En segundo lugar, destacamos la simpleza rural de la perturbación mental de Juan Vicente Gómez, que no le llevaba más allá de imaginar que Bolívar no servía para ser Libertador porque se trataba de un señorito caraqueño que pasó mucho trabajo en el monte y nunca se acostumbró a la vida del campo. “Por eso se enfermó, y sufrió mucho”, argumentaba, el tirano de La Mulera. “Además, No hacía falta saber leer y escribir para ser el jefe. Yo sí estaba preparado para eso porque conozco el monte y se peliá. Yo derroté a Luciano Mendoza, el vencedor de Páez y eso que Páez era más arrecho que Bolívar. ¡Qué Libertador del carajo! -gritaba en voz alta mientras dormitaba en una hamaca, bajo la sombra del Samán de Güere cuando ya llevaba años en el poder.

 

No obstante, si hay otros dos locos de amarrar, que han saqueado al país- sin contar a Pérez Jiménez, quien no llegó a imaginarse nunca como Bolívar porque era muy gordo-. Me refiero a El Cabito y el bolivita de relumbrón de nuestro tiempo. Esos si son más peligrosos que una hallaca piche, por la similitud de sus delirios y sus terribles ataques -cada uno en su época- que los inducían e inducen a creerse en continuadores de la Gran Colombia. Toque de luna llena, que le tumbaba la mandíbula a Don Cipriano y lo transformaba en la reencarnación de Bolívar porque él era de su mismo tamaño y pensaba que el gobierno de Colombia era una papita frita, a la que había que cobrarle el rechazo al proyecto del Libertador.

 

Mientras que el toque del bolívar de relumbrón contemporáneo es de otro tinte y hace que se le salga la baba y cree con más derecho para optar a la usurpación de la personalidad de Bolívar, porque tiene los dólares para calzar sus botas a pesar de ser tan patón y de tenerle el culillo que jode al plomo.

 

En 1901 -el general Rafael Uribe Uribe -caudillo de los liberales en la Guerra de los mil días, contra los conservadores de Colombia- conocía de la chifladura bolivariana del Cabito y se propuso alimentar el ego del pequeño dictador andino, quien se jactaba de su enorme parecido con el Libertador, para sacarle el financiamiento de su ejército (Tal como Chávez hoy). Las promesas y zalamerías de Uribe Uribe en buen lenguaje antioqueño, hicieron creer que una invasión por La Guajira hasta Río Hacha, y otra por los llanos hacia Arauca, decidirían a favor de los liberarles la revolución colombiana; y permitiría que Castro fuese el sucesor de Bolívar.

 

Con la intromisión venezolana en los asuntos colombianos la chispa liberal se encendería y acortaría los días del gobierno, porque la expulsión de los godos del poder era indispensable para conseguir la paz en Venezuela, Colombia y Ecuador.

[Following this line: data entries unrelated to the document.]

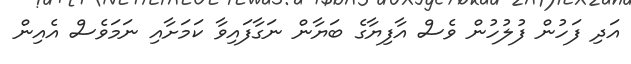
އަދި ފަހުން ފުލުހުން ވެސް އާފިޔާގެ ބަޔާން ނަގާފައިވާ ކަމަށާއި ނަމަވެސް އެއިން
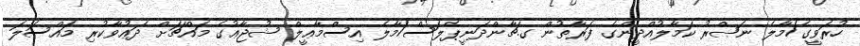
ހުރަވީގެ/މާލެ ނަޞްރު ކަމާލުއްދީންގެ ފަރާތުން ގ.ޗާންދަނީޕެލަސް/މާލެ އިސްމާޢީލް ޝުޖާޢުގެ މައްޗަށް ދަޢުވާކުރި މައްސަލަ
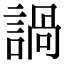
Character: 諣

El general Leonidas Plaza (tal como Correa hoy) invadiría por el Ecuador y los días del presidente Marroquín estarían contados.

 

En unos de sus rasgos de audacia, Castro decide mantener la dos invasiones y hasta el también delirante anciano general, Eduardo Blanco, imaginó nuevos Boyacá, nuevos Pichinchas, nuevos Bomboná y nuevos temas para su poesía épica que alimenta la locura de todos los militares aspirantes a dictadores, que se creen los nuevos libertadores.

 

Castro fue más lejos porque además de Bolivar, se creyó Napoleón y en una proclama incendiaria llamó ¡A las armas! “Somos oradores, poetas y guerreros; descendientes del tribuno Guzmán y del guerrero Zamora”, escribió un plumario, conminando a los patriotas y en especial a la juventud restauradora a incorporarse a la guerra para responder a los colombianos con “la indignación del sable y la metralla”. En prosa de parecido aliento épico otro grupo de intelectuales y funcionarios públicos –entre ellos- Pedro Emilio Coll se dirigen al general Castro “como venezolanos de honor y en simple calidad de soldados del ejército que comandáis”.

 

Quizás asqueado por tanto jalabolismo, El Cabito expresó a su edecán su indignación cuando le entregó la carta: “¡Pues ya que se ofrecen para pelear, que lo hagan”. Por culpa de la incontinencia retórica de aquel documento, escritores y periodistas –entre ellos- Eloy González reciben la orden de engancharse en las tropas que partirán a las fronteras a conquistar la gloria.

 

Fue así como el 13 de septiembre de 1901, un desarrapado ejército venezolano blanqueó sus huesos en el desierto de La Guajira, después de dos meses de errancia por culpa de un irresponsable y de una caterva de plumarios abyectos que -por lo menos- pagó con su pellejo su vocación  jalaboleril, entre los seiscientos muertos y trescientos prisioneros que les hicieron los godos colombianos en el desastre de Carazúa.

 

Un espejo en el que debería mirarse el bolivita de relumbrón del socialismo del siglo XXI, cuando escucha la misma zalamería del general Uribe en boca del narco guerrillero de la FARC, Iván Márquez, quien le llena de cucarachas la cabeza con el viejo cuento del nuevo Libertador y le ofrece el rango de comandante supremo de un Ejército Bolivariano Continental, para sacarle el resto de los  250 millones de dólares, de  los 300 millones que le ofreció a Marulanda, el Tartarín barinés. Locura tan dañina que puede culminar en un desastre peor que el de Carazúa, porque Colombia no es la papita frita que se tragó El Cabito y el delirante lo sabe. Verdad que lo dejó desnudo, después que Uribe lo ridiculizó con las revelaciones del PC, de Raúl Reyes.

 

Si por desgracia ese conflicto no se pudiera evitar, bolivita debería tener un gesto de grandeza y hacer lo mismo que hizo el Cabito con sus escritores, periodistas, poetas, cantores y difusores de sus glorías, llamándolos a las armas. Porque qué bonito sería ver a  un Isaías Rodríguez, un Tarek William, un Farruco Sesto, un Earle Herrera, un Ernestico Villegas, una Desíree Santos, un Luis Alberto Crespo, una Cilia Flores y una Lina Ron, con unos kilos menos, marchando a Paso de vencedores hacia la frontera, para contestarle a los colombianos con la indignación del sable y la metralla, ¡Venezuela se respeta!

 

Fuente:

Picón Salas, Mariano: “Los Días de Cipriano Castro, Caracas, Editorial Garrido, 1953.